E mesmo com o adiamento, quem não pulou Carnaval? O tupiniquim dá jeito em tudo, terráqueo, e com o Carnaval não seria diferente. Além disso, já estamos carecas de saber que o segredo da festa sempre foi esconder-se atrás de um personagem em que se permita perder a individualidade cotidiana. Entretanto, vê bem. Após um retiro forçado, somos feito cachorro cativo que se desprende das amarras. Ô felicidade! Se mal se usa roupas, o que dirá máscaras! E os beatos olhando à distância, de soslaio: “Quanta sem-vergonhice...”. A pele à mostra e a face desvelada, vamos beber e cantar porque só dura até quarta. Opa, cantar não. Ficar pelado, tudo bem, mas cantar marchinha de Carnaval? Há controvérsias.

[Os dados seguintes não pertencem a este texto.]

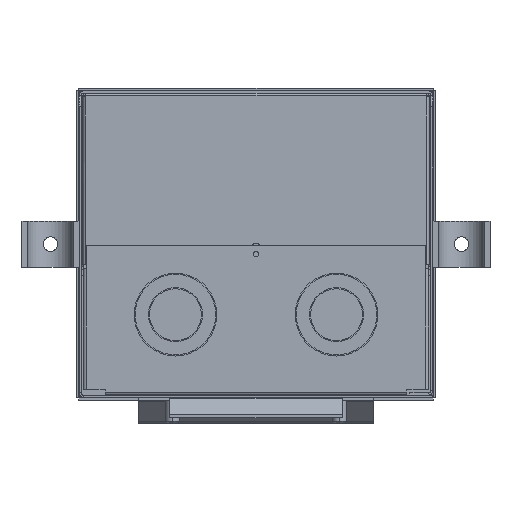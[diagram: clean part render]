
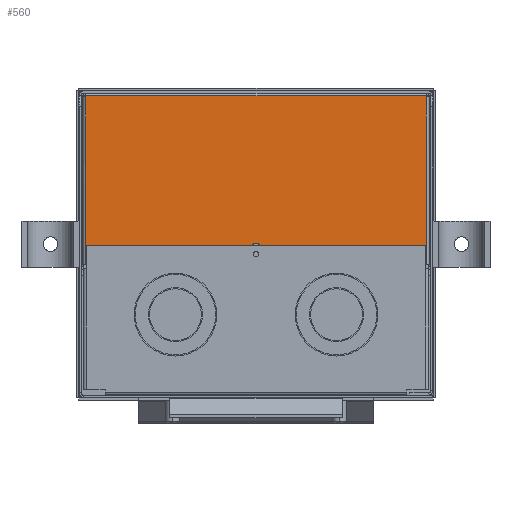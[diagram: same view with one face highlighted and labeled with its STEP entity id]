
A CAD part, front view. The second image highlights one B-rep face of the part: STEP entity #560.
In plain terms, the highlighted face is planar.
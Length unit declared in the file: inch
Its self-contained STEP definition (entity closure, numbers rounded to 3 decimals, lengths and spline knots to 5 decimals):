
#446 = EDGE_CURVE ( 'NONE', #3254, #3257, #10571, .T. ) ;
#447 = EDGE_CURVE ( 'NONE', #3257, #3277, #10574, .T. ) ;
#448 = EDGE_CURVE ( 'NONE', #3277, #3270, #10577, .T. ) ;
#449 = EDGE_CURVE ( 'NONE', #3270, #3254, #10579, .T. ) ;
#450 = EDGE_CURVE ( 'NONE', #3241, #3280, #10580, .T. ) ;
#451 = EDGE_CURVE ( 'NONE', #3280, #3284, #10576, .T. ) ;
#452 = EDGE_CURVE ( 'NONE', #3285, #3284, #10584, .T. ) ;
#453 = EDGE_CURVE ( 'NONE', #3285, #3241, #10582, .T. ) ;
#560 = ADVANCED_FACE ( 'NONE', ( #10767, #10772 ), #13400, .T. ) ;
#3241 = VERTEX_POINT ( 'NONE', #15606 ) ;
#3254 = VERTEX_POINT ( 'NONE', #15611 ) ;
#3257 = VERTEX_POINT ( 'NONE', #15613 ) ;
#3270 = VERTEX_POINT ( 'NONE', #15620 ) ;
#3277 = VERTEX_POINT ( 'NONE', #15625 ) ;
#3280 = VERTEX_POINT ( 'NONE', #15627 ) ;
#3284 = VERTEX_POINT ( 'NONE', #15629 ) ;
#3285 = VERTEX_POINT ( 'NONE', #15630 ) ;
#6034 = EDGE_LOOP ( 'NONE', ( #9553, #9554, #9555, #9556 ) ) ;
#6157 = EDGE_LOOP ( 'NONE', ( #9557, #9558, #9559, #9560 ) ) ;
#8516 = AXIS2_PLACEMENT_3D ( 'NONE', #12213, #12214, #12215 ) ;
#8517 = AXIS2_PLACEMENT_3D ( 'NONE', #12218, #12219, #12220 ) ;
#8591 = AXIS2_PLACEMENT_3D ( 'NONE', #13399, #13398, #13402 ) ;
#9553 = ORIENTED_EDGE ( 'NONE', *, *, #446, .T. ) ;
#9554 = ORIENTED_EDGE ( 'NONE', *, *, #447, .T. ) ;
#9555 = ORIENTED_EDGE ( 'NONE', *, *, #448, .T. ) ;
#9556 = ORIENTED_EDGE ( 'NONE', *, *, #449, .T. ) ;
#9557 = ORIENTED_EDGE ( 'NONE', *, *, #450, .T. ) ;
#9558 = ORIENTED_EDGE ( 'NONE', *, *, #451, .T. ) ;
#9559 = ORIENTED_EDGE ( 'NONE', *, *, #452, .F. ) ;
#9560 = ORIENTED_EDGE ( 'NONE', *, *, #453, .T. ) ;
#10571 = CIRCLE ( 'NONE', #8516, 0.07813 ) ;
#10574 = LINE ( 'NONE', #12212, #10578 ) ;
#10576 = LINE ( 'NONE', #12217, #10585 ) ;
#10577 = CIRCLE ( 'NONE', #8517, 0.07812 ) ;
#10578 = VECTOR ( 'NONE', #12209, 39.37008 ) ;
#10579 = LINE ( 'NONE', #12210, #10581 ) ;
#10580 = LINE ( 'NONE', #12221, #10583 ) ;
#10581 = VECTOR ( 'NONE', #12211, 39.37008 ) ;
#10582 = LINE ( 'NONE', #12216, #10589 ) ;
#10583 = VECTOR ( 'NONE', #12222, 39.37008 ) ;
#10584 = LINE ( 'NONE', #12224, #10587 ) ;
#10585 = VECTOR ( 'NONE', #12223, 39.37008 ) ;
#10587 = VECTOR ( 'NONE', #12225, 39.37008 ) ;
#10589 = VECTOR ( 'NONE', #12226, 39.37008 ) ;
#10767 = FACE_BOUND ( 'NONE', #6034, .T. ) ;
#10772 = FACE_OUTER_BOUND ( 'NONE', #6157, .T. ) ;
#12209 = DIRECTION ( 'NONE',  ( 0., -1., 0. ) ) ;
#12210 = CARTESIAN_POINT ( 'NONE',  ( 0.07812, 3.50732, -0.923 ) ) ;
#12211 = DIRECTION ( 'NONE',  ( 0., 1., 0. ) ) ;
#12212 = CARTESIAN_POINT ( 'NONE',  ( -0.07813, 3.50732, -0.923 ) ) ;
#12213 = CARTESIAN_POINT ( 'NONE',  ( 0., 3.50732, -0.923 ) ) ;
#12214 = DIRECTION ( 'NONE',  ( 0., 0., 1. ) ) ;
#12215 = DIRECTION ( 'NONE',  ( 1., 0., 0. ) ) ;
#12216 = CARTESIAN_POINT ( 'NONE',  ( 3.697, 3.6792, -0.923 ) ) ;
#12217 = CARTESIAN_POINT ( 'NONE',  ( -3.697, 0.015, -0.923 ) ) ;
#12218 = CARTESIAN_POINT ( 'NONE',  ( 0., 3.28857, -0.923 ) ) ;
#12219 = DIRECTION ( 'NONE',  ( 0., 0., 1. ) ) ;
#12220 = DIRECTION ( 'NONE',  ( 1., 0., 0. ) ) ;
#12221 = CARTESIAN_POINT ( 'NONE',  ( 0., 0.015, -0.923 ) ) ;
#12222 = DIRECTION ( 'NONE',  ( -1., 0., 0. ) ) ;
#12223 = DIRECTION ( 'NONE',  ( 0., 1., 0. ) ) ;
#12224 = CARTESIAN_POINT ( 'NONE',  ( -3.712, 3.6792, -0.923 ) ) ;
#12225 = DIRECTION ( 'NONE',  ( -1., 0., 0. ) ) ;
#12226 = DIRECTION ( 'NONE',  ( 0., -1., 0. ) ) ;
#13398 = DIRECTION ( 'NONE',  ( 0., 0., -1. ) ) ;
#13399 = CARTESIAN_POINT ( 'NONE',  ( 0., 0., -0.923 ) ) ;
#13400 = PLANE ( 'NONE',  #8591 ) ;
#13402 = DIRECTION ( 'NONE',  ( -1., 0., 0. ) ) ;
#15606 = CARTESIAN_POINT ( 'NONE',  ( 3.697, 0.015, -0.923 ) ) ;
#15611 = CARTESIAN_POINT ( 'NONE',  ( 0.07812, 3.50732, -0.923 ) ) ;
#15613 = CARTESIAN_POINT ( 'NONE',  ( -0.07813, 3.50732, -0.923 ) ) ;
#15620 = CARTESIAN_POINT ( 'NONE',  ( 0.07812, 3.28857, -0.923 ) ) ;
#15625 = CARTESIAN_POINT ( 'NONE',  ( -0.07813, 3.28858, -0.923 ) ) ;
#15627 = CARTESIAN_POINT ( 'NONE',  ( -3.697, 0.015, -0.923 ) ) ;
#15629 = CARTESIAN_POINT ( 'NONE',  ( -3.697, 3.6792, -0.923 ) ) ;
#15630 = CARTESIAN_POINT ( 'NONE',  ( 3.697, 3.6792, -0.923 ) ) ;

Deferente leitor, Lamartine Babo e seus asseclas teriam sido cancelados hoje em dia. No Carnaval de nossos tempos, as marchinhas, carregadas de duplo sentido e humor duvidoso e polêmico, não têm mais vez. O estilo, que descende diretamente das marchas portuguesas, e teve o auge do sucesso nas décadas de 30, 40 e 50 do séc. XX, traduzem versões estereotipadas e preconceituosas que não cabem mais no comportamento social contemporâneo. Não são politicamente corretas. E ai de você se cantarolar, por aí. Seu subversivo. Todo este introito carnavalesco e resmungão serve apenas de mote para introduzir um Paradoxo Tostines. Politicamente correto ou corretamente político? Por mais que nos julguemos esclarecidos com nossas vivências, status, mestrados ou doutorados, somos levados a adotar posturas e visões de mundo de acordo com os círculos experimentados e argumentos aplicados. Somos, em menor ou maior grau, massa de manobra, meu caro. E isso é política pura – escolha a acepção que lhe convier.
Reacionário, eu? Não, nem pensar. Nunca fui. Mas essa cultura de respeito a ideias morais igualitárias, embora muito convenientes e de fulcro nobre, perpassa também por uma cultura de controle social utilizada há tempos. Panis et circenses. Distração. Nessa folia de interesses, somos induzidos, convencidos e sugestionados a ingressar em bloquinhos, com o refrões de cor e salteado, para no dia seguinte, nem recordar onde começou a farra.
Ora, fantasiadíssimo terráqueo. Politicamente correto é respeitar quem quer que seja. Politicamente correto é a primeira intenção. Politicamente correto é dar bom dia a um desconhecido. Politicamente correto é agradecer ao coleguinha. Politicamente correto é dar atenção a alguém. Politicamente correto é dar um prato de comida a quem tem fome (e sem postar nas redes sociais). Politicamente correto é devolver o troco errado. Politicamente correto é fazer a coisa certa, independente de recompensa ou privação. Politicamente correto, enfim, é ser honesto. Pronto. O que vier além disso é invencionice e manipulação.
Por isso, cara pálida, pense por si mesmo. Vê bem quando, aproveitando a confusão, surgirem estes entes fantasiados, cheios de mesuras e molejo, defendendo os versos e rimas do seu cordão. Só há quem manipule, porque há quem se permita manipular. Vê bem. O Carnaval tem seu fim na quarta-feira, queiramos ou não. A manipulação, porém, temos poder para decidir.